Among the 11 patients with PDD/DLB with dyskinesia, 7 (63.6%) were male; the frequency of dyskinesia did not differ by sex (p = 1.00). Patients with dyskinesia were diagnosed with parkinsonism at a significantly younger age (median 74 years, range: 64–80 years) compared with patients without dyskinesia (median 78 years range: 61–98 years; p < 0.001). There was no difference in levodopa therapy duration between dyskinetic and nondyskinetic patients (p = 0.09). Dyskinetic patients had significantly longer median follow-up time after diagnosis compared with nondyskinetic PDD/DLB patients (p = 0.03).
Levodopa dosage was not associated with increased odds of developing dyskinesias even after adjusting for age and sex in these DLB/PDD cases (table 1). We observed a 2-fold increased odds of developing dyskinesias in the third tertile of levodopa dosage, but this was not significant. Among the 11 dyskinetic patients, 8 had mild dyskinesia, 1 had moderate dyskinesia, and the severity was not reported for 2. Levodopa dosage was adjusted in 5 dyskinetic patients, with symptomatic improvement or resolution of dyskinesias in all.
Table 1.
Association between maximum levodopa dosage and odds of developing dyskinesia among patients with PDD and DLB, with and without adjustment for age and sex
Comparison analysis between DLB/PDD and PD
In this incidence cohort, 247 patients with PD without dementia were treated with levodopa.
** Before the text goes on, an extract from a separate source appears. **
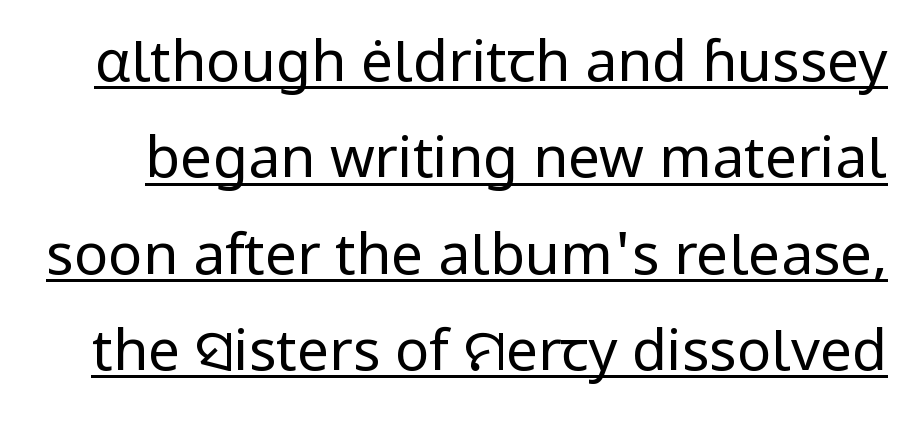
The image shows 57 px regular-weight sans-serif type, upright; set normal line spacing (1.69x), normal letter spacing, underlined; low stroke contrast and a medium x-height.

Among these, 84 (30.1%) developed dyskinesia of any severity at any time during the disease course.5 These served as the comparison group.
In models adjusted for levodopa dosage (odds ratio [OR] 0.34, 95% confidence interval [CI] 0.17–0.69, p = 0.003) and models adjusted for age, sex, and levodopa dosage (OR 0.42, 95% CI 0.21–0.88, p = 0.02), patients with DLB/PDD had significantly lower odds of developing dyskinesia compared with patients with PD. The median maximum daily levodopa dosage among patients with DLB/PDD (600 mg, range: 50–1,600 mg) was significantly lower than the daily levodopa dosage among PD patients (700 mg, range: 150–2,700 mg; p < 0.001). Patients with DLB/PDD who developed dyskinesia were diagnosed at a significantly older age compared with PD dyskinetic patients (74 vs 68 years, respectively, p < 0.001). The median time from levodopa therapy initiation to dyskinesia onset for patients with DLB/PDD was 2 years (range: 3 months–4 years), whereas for patients with PD, it was 4 years (range: 2 months–20 years; p = 0.003). There was a statistically significant difference between the median follow-up time after levodopa therapy initiation between patients with DLB/PDD and PD (p < 0.001). No difference in terms of median follow-up time after symptom onset was observed between dyskinetic DLB/PDD and dyskinetic PD patients (p = 0.35). Results of the comparison analysis are summarized in table 2.
Table 2.
Comparison of characteristics associated with dyskinesia for patients with DLB/PDD parkinsonism vs Parkinson disease
Postmortem examinations
Brain autopsy was available in 3 dyskinetic patients with a clinical diagnosis of DLB. The median time from dyskinesia onset to death was 3 years (range: 2–8 years). The pathologic diagnoses were consistent with the clinical diagnoses. For further details about the pathologic characteristics of our cohort, please refer our previous reports.5,7
Discussion
Optimized levodopa therapy is, by far, the most efficacious symptomatic treatment of dopamine deficiency symptoms and signs. Some authors have advised delaying levodopa initiation and limiting the dosage due to fear of dyskinesia (and response fluctuations). The parkinsonism of DLB and PDD has a predominantly dopamine deficiency basis and typically benefits from levodopa therapy. Hence, the dyskinesia risk among levodopa-treated patients with DLB/PDD is very relevant to practice.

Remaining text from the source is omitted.